Look at the bolts that hold the field coil laminations in place

They should line up with the brushes for neutral timing - when I say the brushes I mean the middle of the contact patch on the armature

Post some pictures showing the brushes and the bolts for the field coils in the same picture and I hope that a real expert like Major will chime in

It is possible that the current is going through the wrong path (shorting) but I would expect 500 amps to spark and smoke


----------



## Duncan (Dec 8, 2008)

Look at the bolts that hold the field coil laminations in place

They should line up with the brushes for neutral timing - when I say the brushes I mean the middle of the contact patch on the armature

Post some pictures showing the brushes and the bolts for the field coils in the same picture and I hope that a real expert like Major will chime in

It is possible that the current is going through the wrong path (shorting) but I would expect 500 amps to spark and smoke


----------



## Pota (Nov 25, 2017)

Ill try take some Pictures and so on 

And ill give you feedback!


----------



## Pota (Nov 25, 2017)

Ok here are some new updates 

Ive taken some pictures. If you look at the picture, it seems that the brushes are pretty alligned with the field coils?

It must be said. If you look at the brushes and how they bend towards the right. the motor is running CCW not CW (in other words, the motor is turning around towards left). Could that have something to do with it?

As you see, ive removed one brush. And as earlier stated, its 8 brushes in total.


----------



## Pota (Nov 25, 2017)

Someone got a clue ?


----------



## major (Apr 4, 2008)

Pota said:


> Someone got a clue ?


Actual measured torque/motor current would be big help.



major said:


> Are you willing to do a stall test to measure the actual torque? Need a torque arm on the wheel and spring scale. Measure motor amps and hold on for just a few seconds so you don't damage (lift) comm bars under the stationary brushes. Torque wrench could work as long as it tends to tighten axle nut.
> 
> major


----------



## Pota (Nov 25, 2017)

major said:


> Actual measured torque/motor current would be big help.


Im not actualy sure how i can do it on my gokart, i need to weld something to the axle then?


But if that give you an X result. What could be done? I mean, is there something with my brushes? CCW rotation? 

What else could it be?


----------



## major (Apr 4, 2008)

Pota said:


> Im not actualy sure how i can do it on my gokart, i need to weld something to the axle then?
> 
> 
> But if that give you an X result. What could be done? I mean, is there something with my brushes? CCW rotation?
> ...


I just want to verify it is actually low motor torque per motor ampere. No, do not weld anything to axle. You need to measure the force at a known distance from the center of rotation. So hold the kart frame still and measure force at tire raduis. Or hold tire steady and measure force on a tangent point on kart frame.

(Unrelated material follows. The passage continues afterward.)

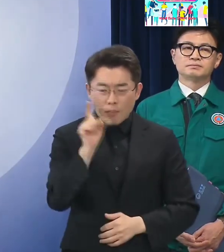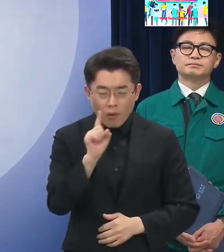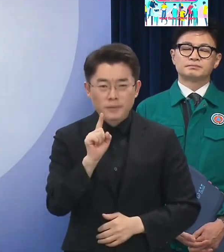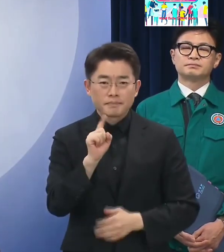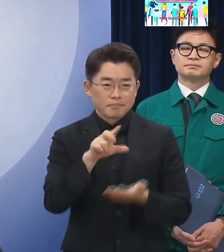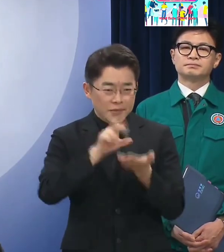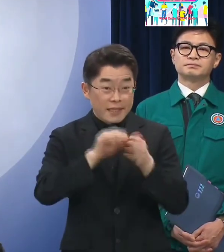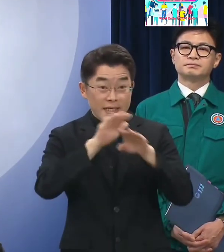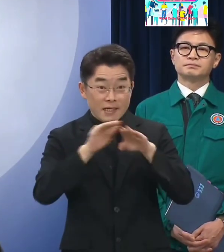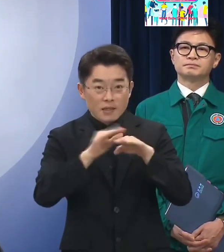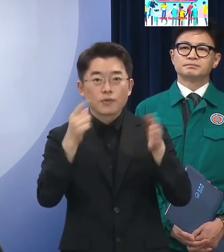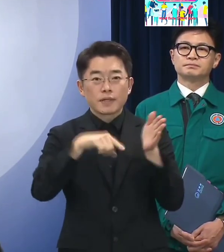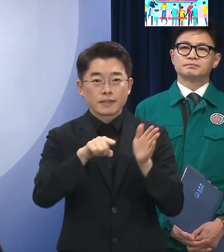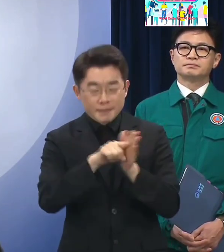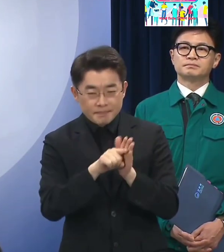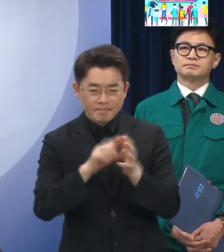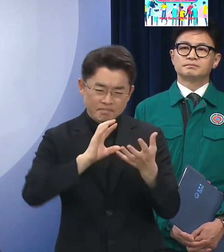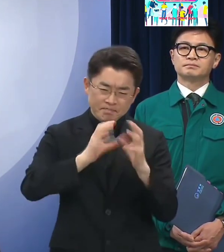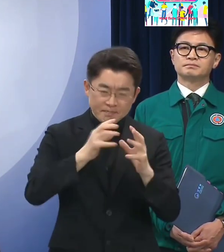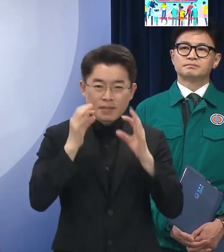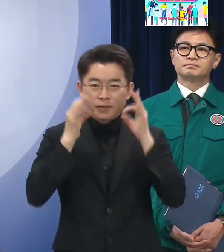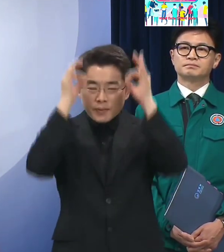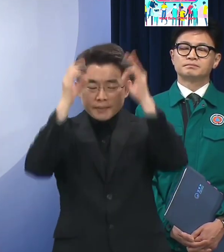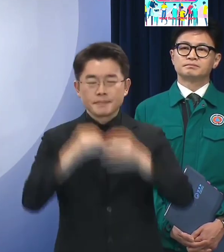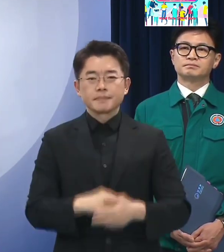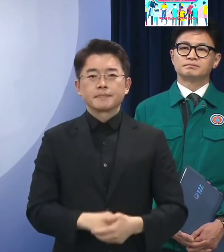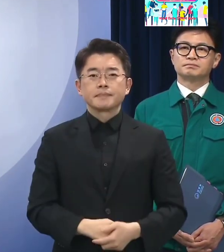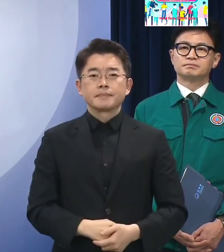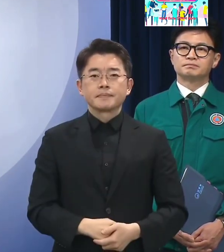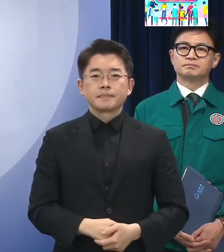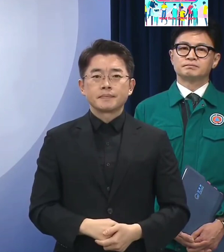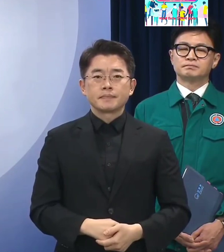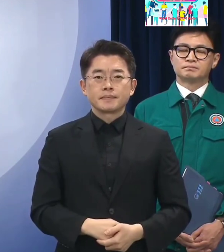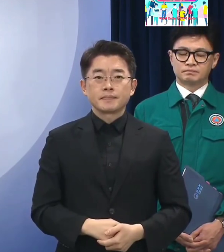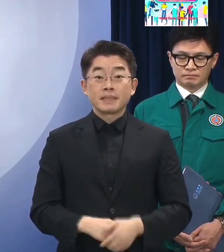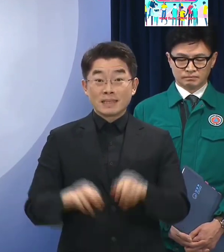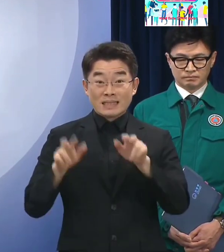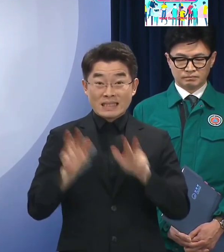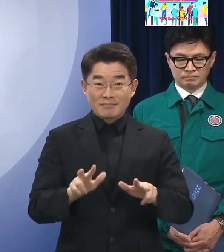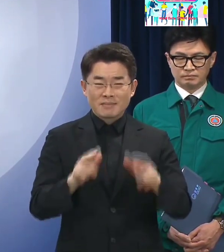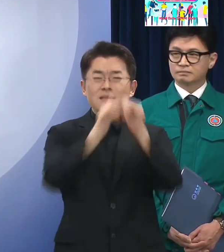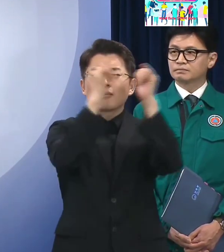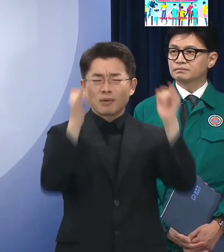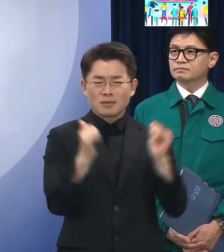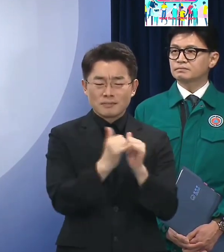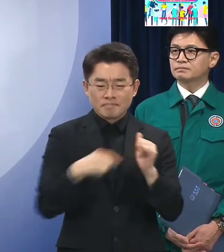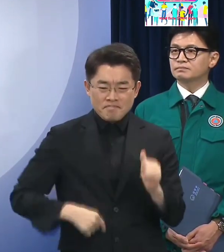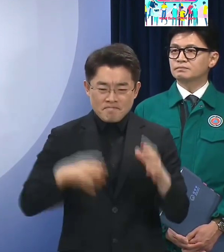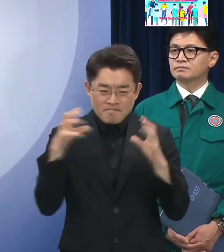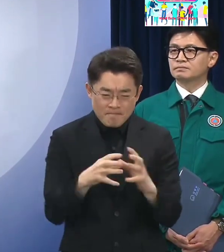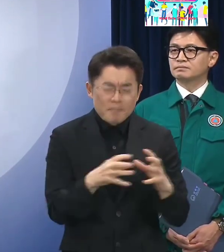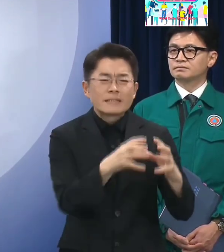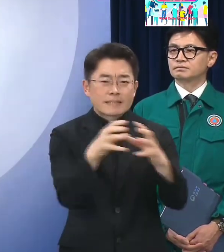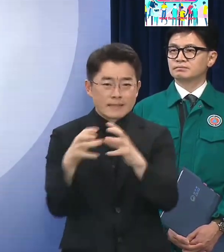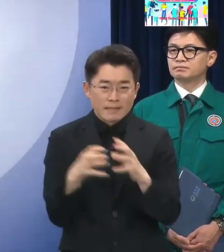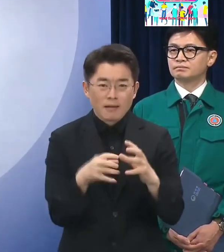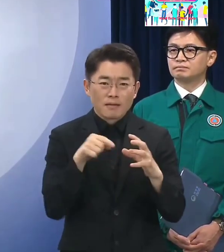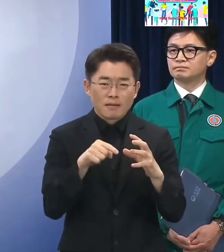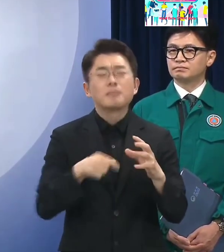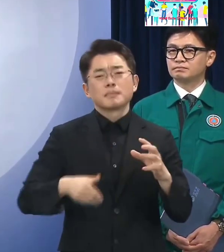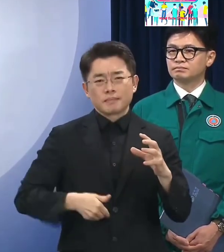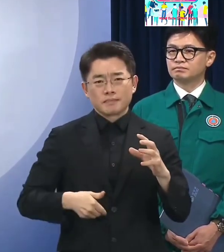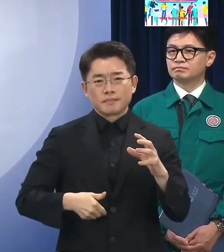해결에 적극 노력해 나가겠습니다 무엇보다 지금은 우리 사회의 공동체의 가치를 회복하여야 합니다
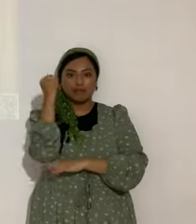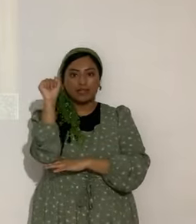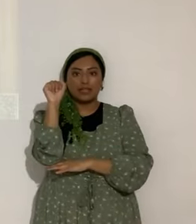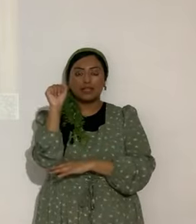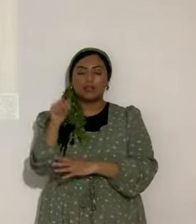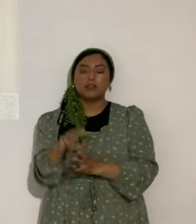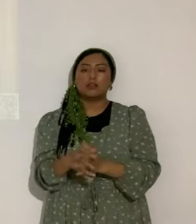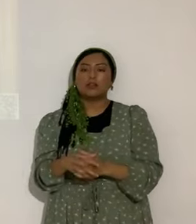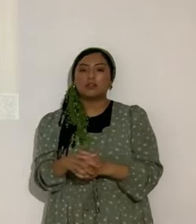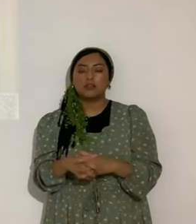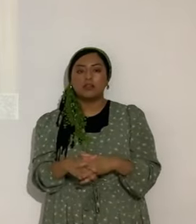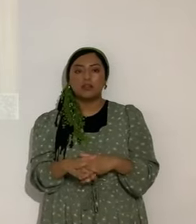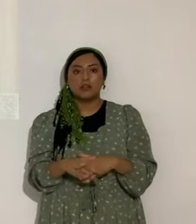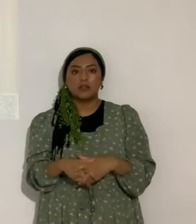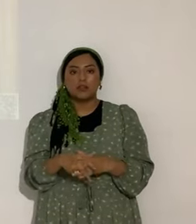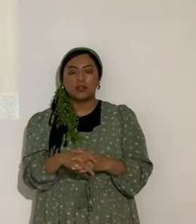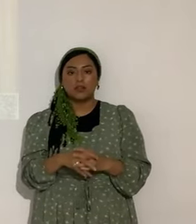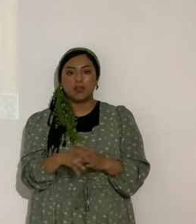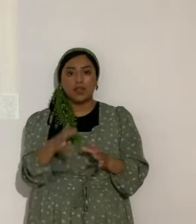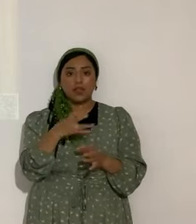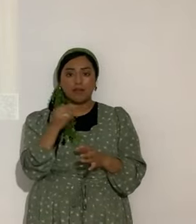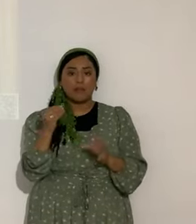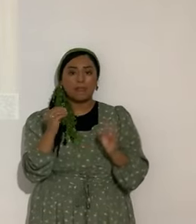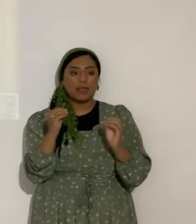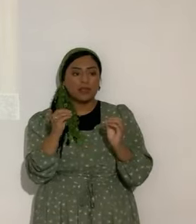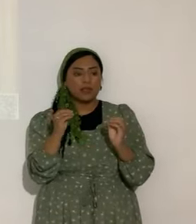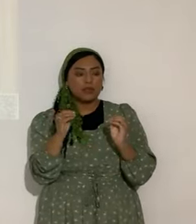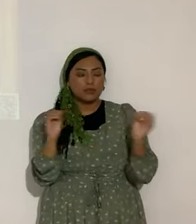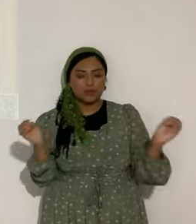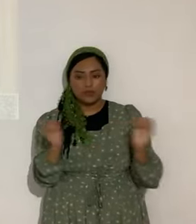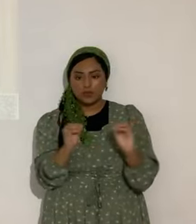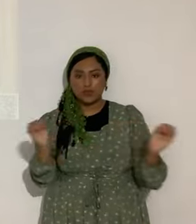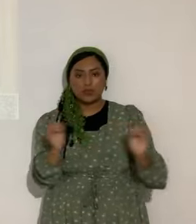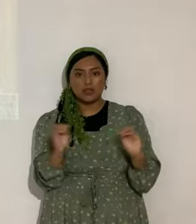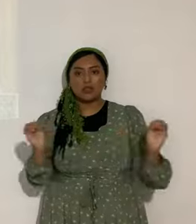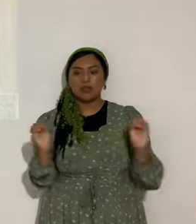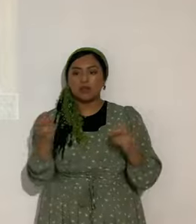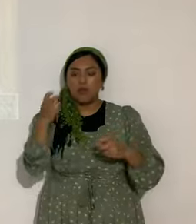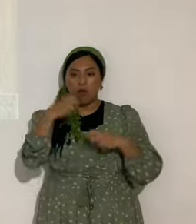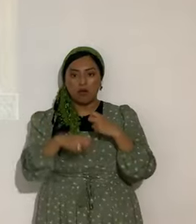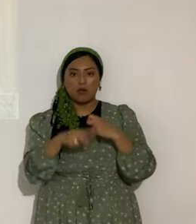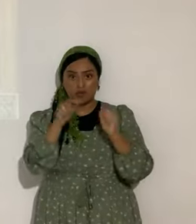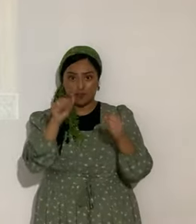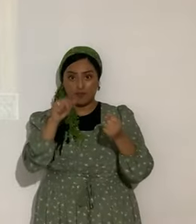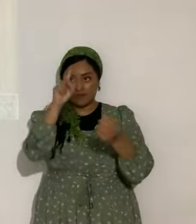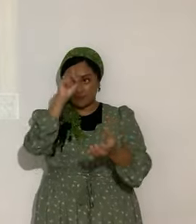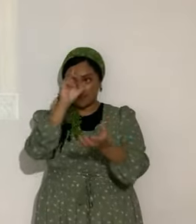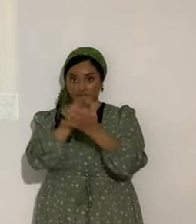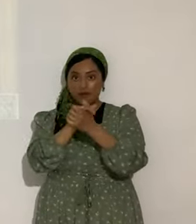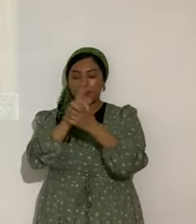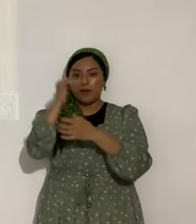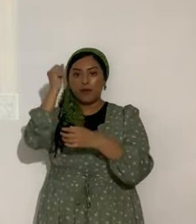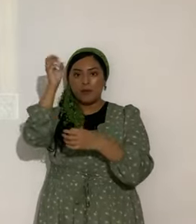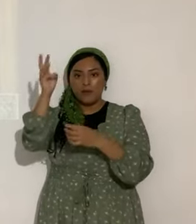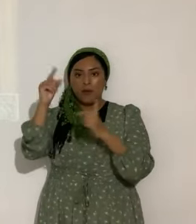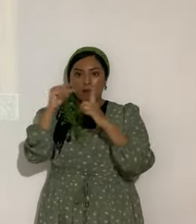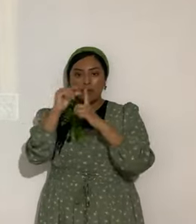Y. Y. Y. nada. O será. Imposible. ¿Tú le crees estas palabras a Yahshua? Levanten la mano.

Like clamp the rear wheel to the floor with straps. Now when you press throttle, the front of the kart will try to wheelie, right?. Let's say the very front of the frame is 4 feet from the rear axle. It requires you to apply 50 pounds vertically to lift it just off the floor. Now repeat with full throttle. Say it then only requires 10 pounds vertical force to lift. The motor is responsible for the other 40 pounds of force. At 4 feet from the axle, motor stall torque is 160 pound feet (lb.ft.). Say you had measured 500 motor (not battery) Amperes for that test. Or 32 lb.ft./100A. That is a figure I can use to verify that the motor is in the ball park.

The numbers which I used were example only. Your motor appears well used. It could have a problem. From what I can see in your nice photos, brush advance is ok.

major


----------



## Pota (Nov 25, 2017)

major said:


> I just want to verify it is actually low motor torque per motor ampere. No, do not weld anything to axle. You need to measure the force at a known distance from the center of rotation. So hold the kart frame still and measure force at tire raduis. Or hold tire steady and measure force on a tangent point on kart frame.
> 
> Like clamp the rear wheel to the floor with straps. Now when you press throttle, the front of the kart will try to wheelie, right?. Let's say the very front of the frame is 4 feet from the rear axle. It requires you to apply 50 pounds vertically to lift it just off the floor. Now repeat with full throttle. Say it then only requires 10 pounds vertical force to lift. The motor is responsible for the other 40 pounds of force. At 4 feet from the axle, motor stall torque is 160 pound feet (lb.ft.). Say you had measured 500 motor (not battery) Amperes for that test. Or 32 lb.ft./100A. That is a figure I can use to verify that the motor is in the ball park.
> 
> ...


Aha ok, just some questions so i know how to do it.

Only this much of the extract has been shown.